# 4wd front axle vacuum actuator switch - Help



## Jason Pallas (Jan 19, 2001)

Hey guys. 2000 Dodge Ram 4wd. My acuator switch appears to be shot. The diaphragm in the switch only holds pressure on one side. Anyway it looks I can just get that vacuum actuator switch (instead of replacing the whole servo unit). Now my question - How does the switch come out?. From the picture it appears as if there's no threads on the switch. There are what appear to be o-rings on the sleeve. Does this unit just press in? How can I get it out? I've loosened the electrical switch on the other side - and it appears that I can knock the switch on the other side this way. Is this correct? Any help would be greatly appreciated. .... never done one of these before.


----------



## muskoka sandman (Nov 9, 2008)

You will have to take it off the axle, if I rememeber right there is a couple c-clips inside on the shaft that need to be taken off. Not all that hard to do.


----------



## quigleysiding (Oct 3, 2009)

When mine didn't work. I took it off the the truck and just bumped it a little and it started working. It just got stuck.
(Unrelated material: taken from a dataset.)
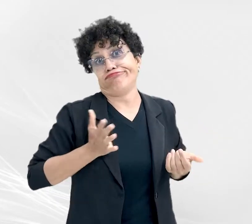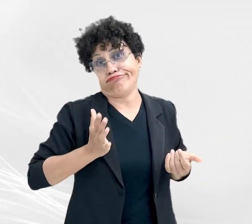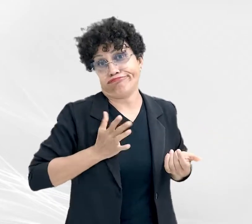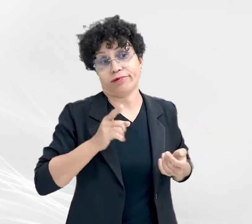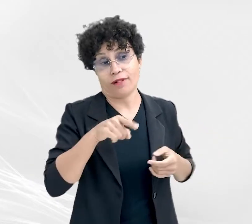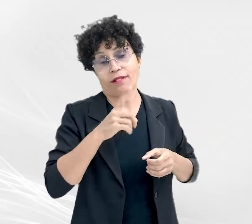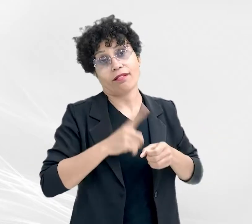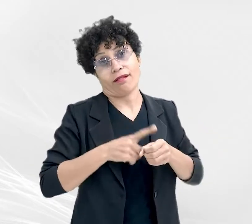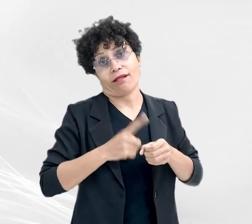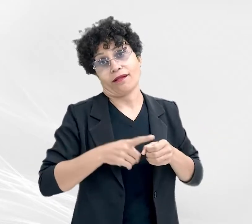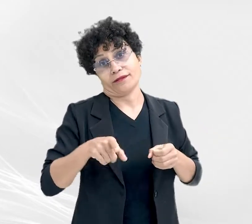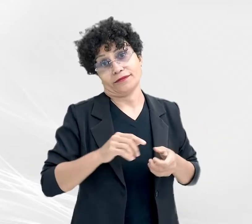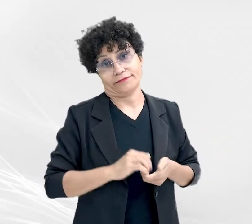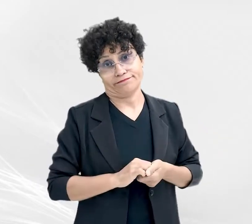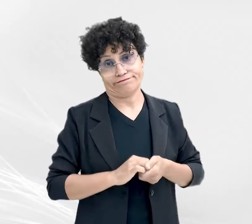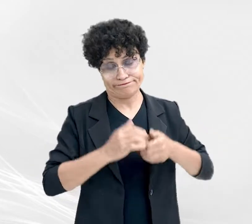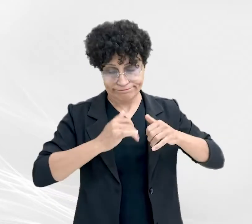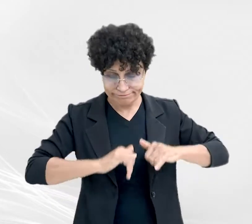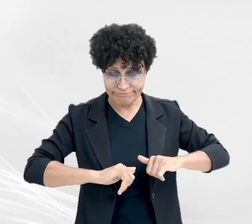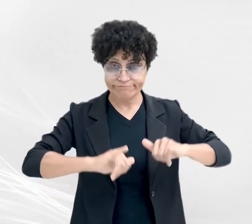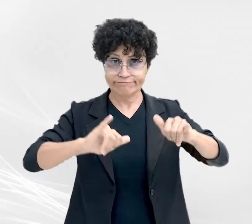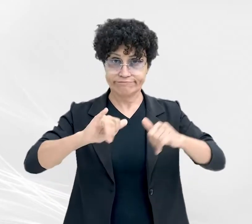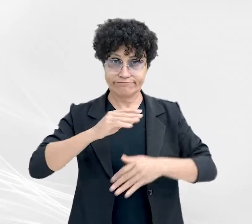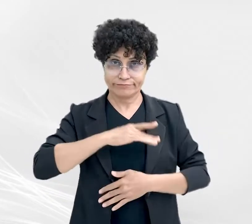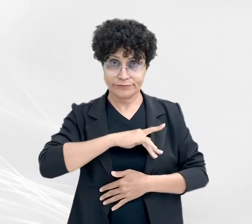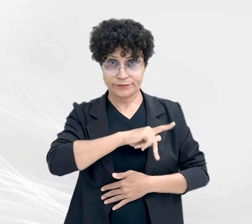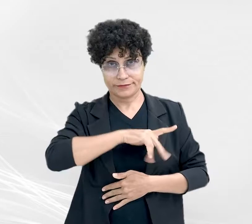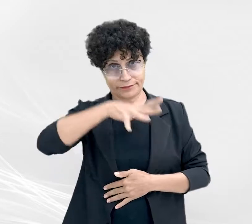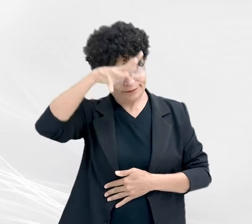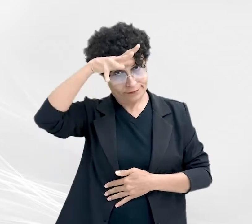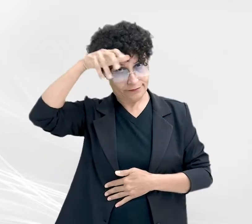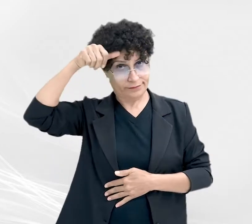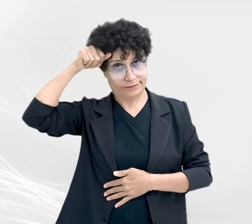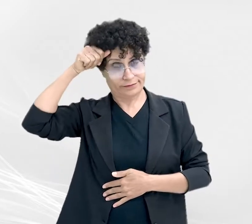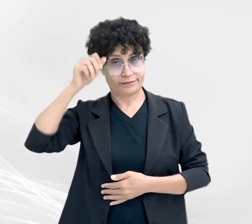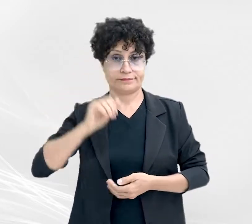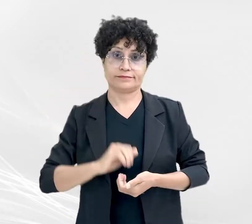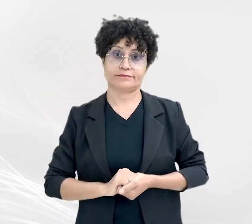Este conteúdo é produzido pelo Ministério Público do Estado de Mato Grosso.

After a little bump it"s been working fine.That was last year.Now i make sure i lock the 4 wheel in every now and then to keep it loose.Worked for me.Good luck with it


----------



## vmj (Nov 17, 2008)

I had to replace mine too last year in the middle of a storm. if i remember wright it was two bolts on a clamp and then it slid out of axel...Check vacume lines while ur under there to i also had a problem wher it was rubing and also needed a new clamp a few days later...


----------